Ci sono organismi marini che per riprodursi rilasciano nell’acqua delle cellule riproduttive, sostanzialmente spermatozoi e gameti o uova.
Rilevare in tempo reale il rilascio di queste cellule risulta molto difficile e conseguentemente risulta difficile anche studiare animali quali le capesante (Pecten jacobaeus), un mollusco bivalve presente tra l’altro anche nel Mediterraneo.
Un gruppo di ricercatori dell’Università del Maine e del Bigelow Laboratory for Ocean Sciences ha dunque ideato un nuovo metodo per studiare questi “rilasci” prelevando i campioni di acqua e analizzando il DNA ambientale.
Il risultato dello studio verte su un nuovo metodo per gestire le popolazioni di molluschi selvatici, ma anche quelli in acquacoltura, e in generale mostra un nuovo approccio nel contesto del cosiddetto all’eDNA, denominato anche DNA ambientale, ossia il DNA che è raccolto non da organismi viventi ma dai campioni prelevati dagli ambienti in cui essi vivono.
A spiegare l’importanza di questa ricerca è Skylar Bayer, ricercatrice presso il Milford Laboratory del Northeast Fisheries Science Center e autrice principale: “Sapere quando e dove si generano gli organismi marini è importante per capire la loro crescita demografica e il loro ciclo di vita. Di solito, monitorare gli eventi di generazione negli invertebrati marini, comprese le capesante marine, può essere un compito difficile, quindi essere in grado di tracciare questi eventi campionando l’acqua di mare potrebbe essere enormemente utile per la gestione e le pratiche di conservazione delle specie marine”.

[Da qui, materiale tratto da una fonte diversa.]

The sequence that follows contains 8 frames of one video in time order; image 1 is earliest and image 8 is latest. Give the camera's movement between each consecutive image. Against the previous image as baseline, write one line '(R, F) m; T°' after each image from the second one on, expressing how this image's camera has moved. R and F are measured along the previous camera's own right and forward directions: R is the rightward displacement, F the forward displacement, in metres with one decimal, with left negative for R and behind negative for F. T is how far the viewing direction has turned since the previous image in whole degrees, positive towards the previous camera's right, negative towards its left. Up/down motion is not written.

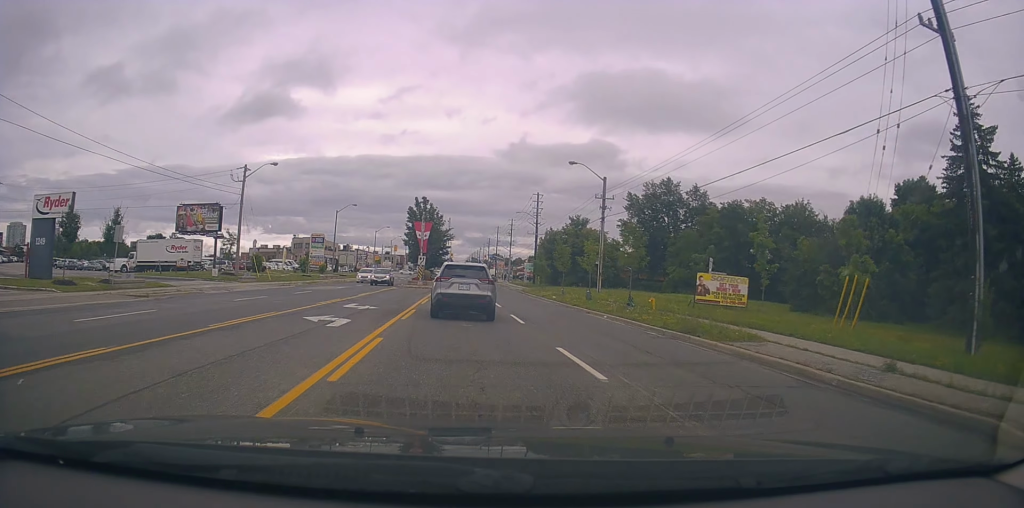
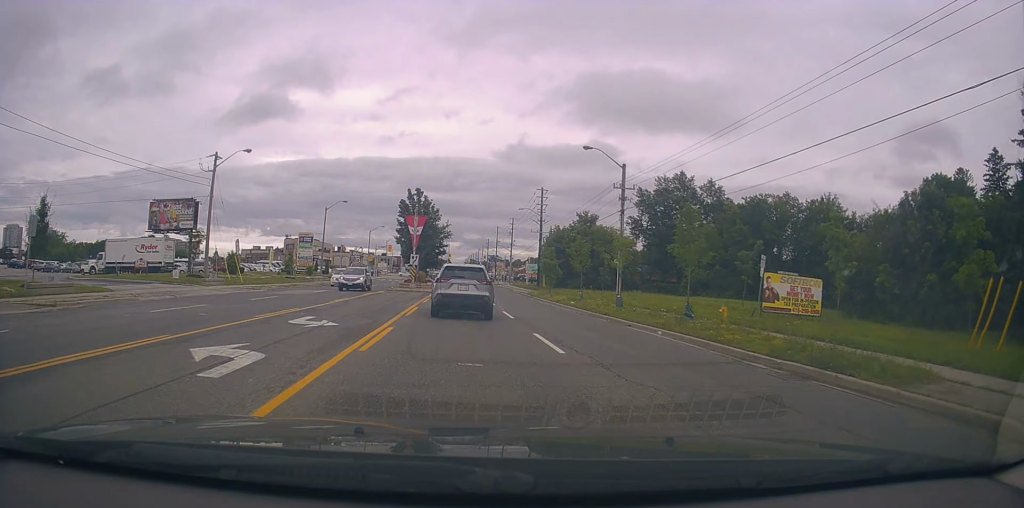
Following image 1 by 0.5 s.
(-0.3, +6.2) m; +1°
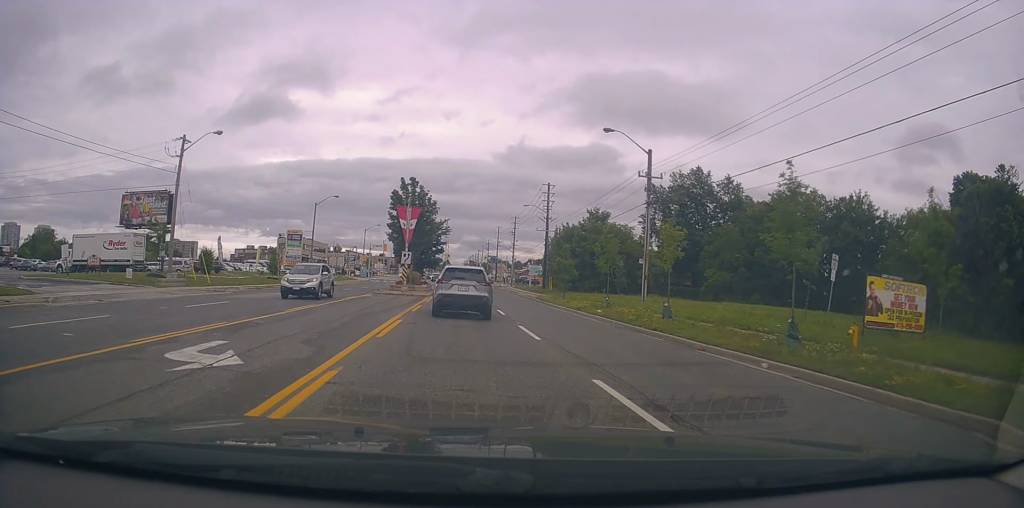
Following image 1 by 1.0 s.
(+0.5, +6.0) m; +2°
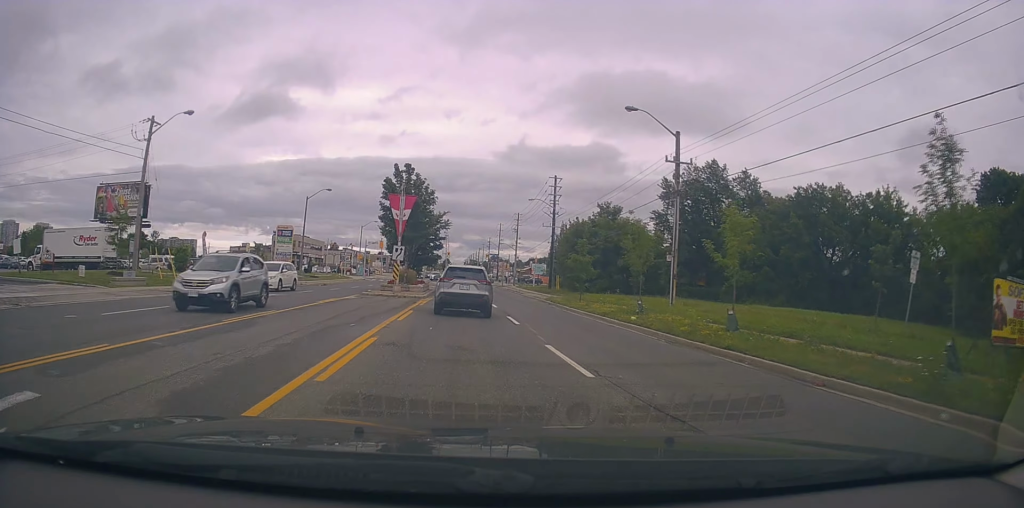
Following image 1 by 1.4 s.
(+0.3, +4.8) m; +1°
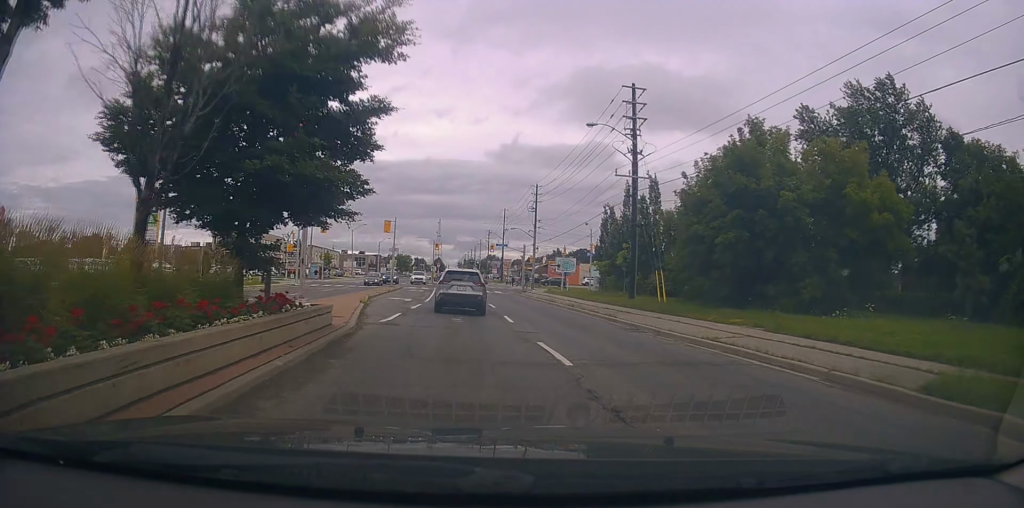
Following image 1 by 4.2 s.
(-1.7, +34.7) m; -2°
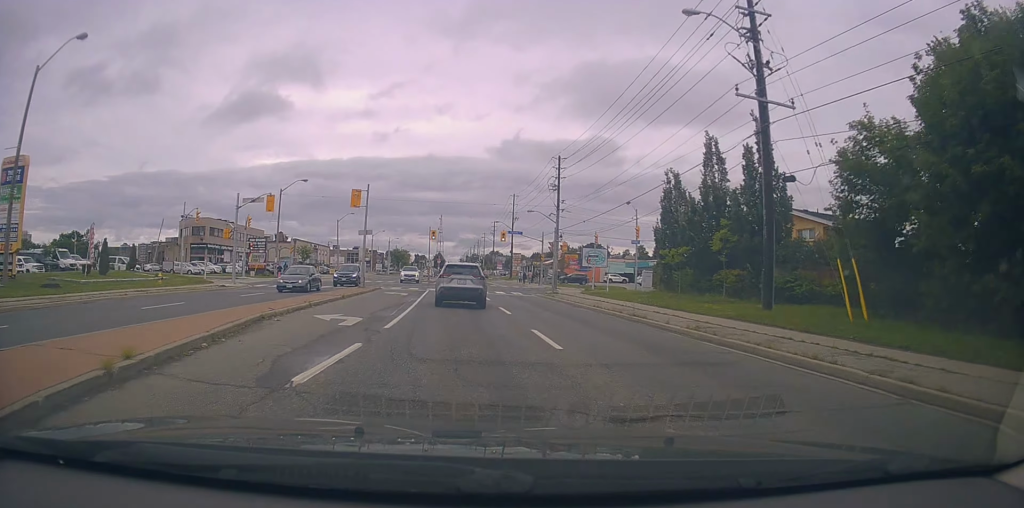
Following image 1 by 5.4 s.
(+0.3, +16.1) m; 0°
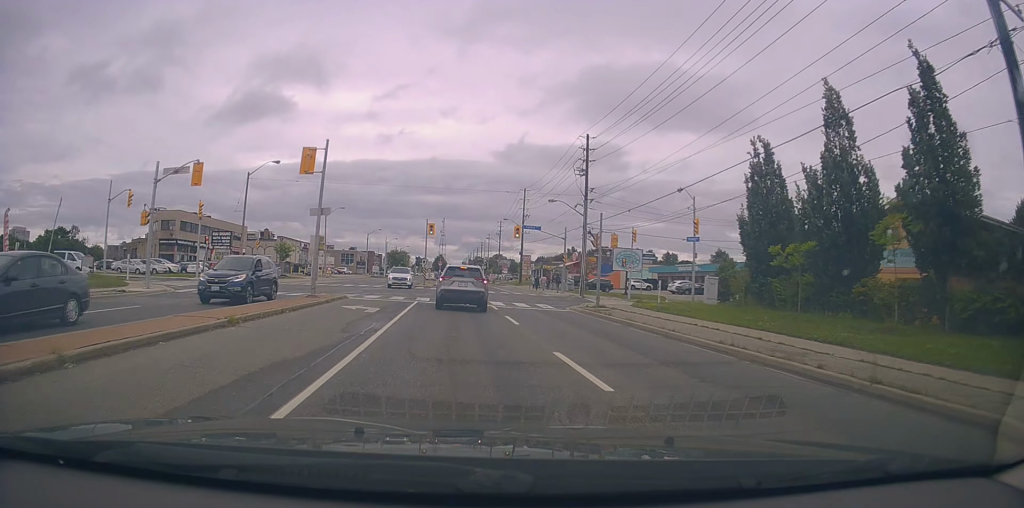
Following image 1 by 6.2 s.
(-0.3, +12.0) m; 0°
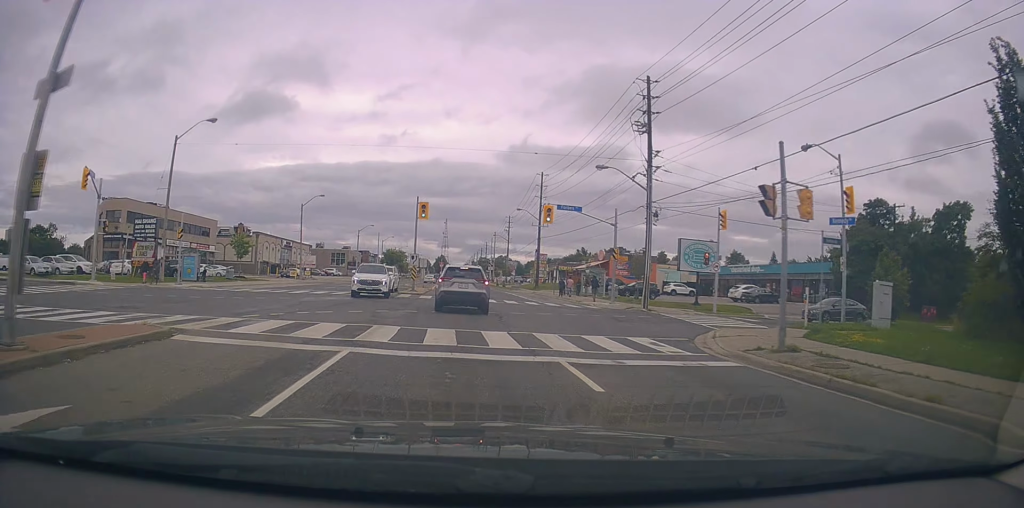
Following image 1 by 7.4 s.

La stessa ricercatrice ammette che questo metodo potrà essere utilizzato in futuro anche per comprendere gli eventi di deposizione di altri animali marini come coralli e vongole, praticamente in tempo reale.
Lo studio è stato pubblicato su Marine Ecology Progress Series.
Approfondimenti
- Inter Research » MEPS » v621 » p127-141 (IA) (DOI: 10.3354/meps12991 )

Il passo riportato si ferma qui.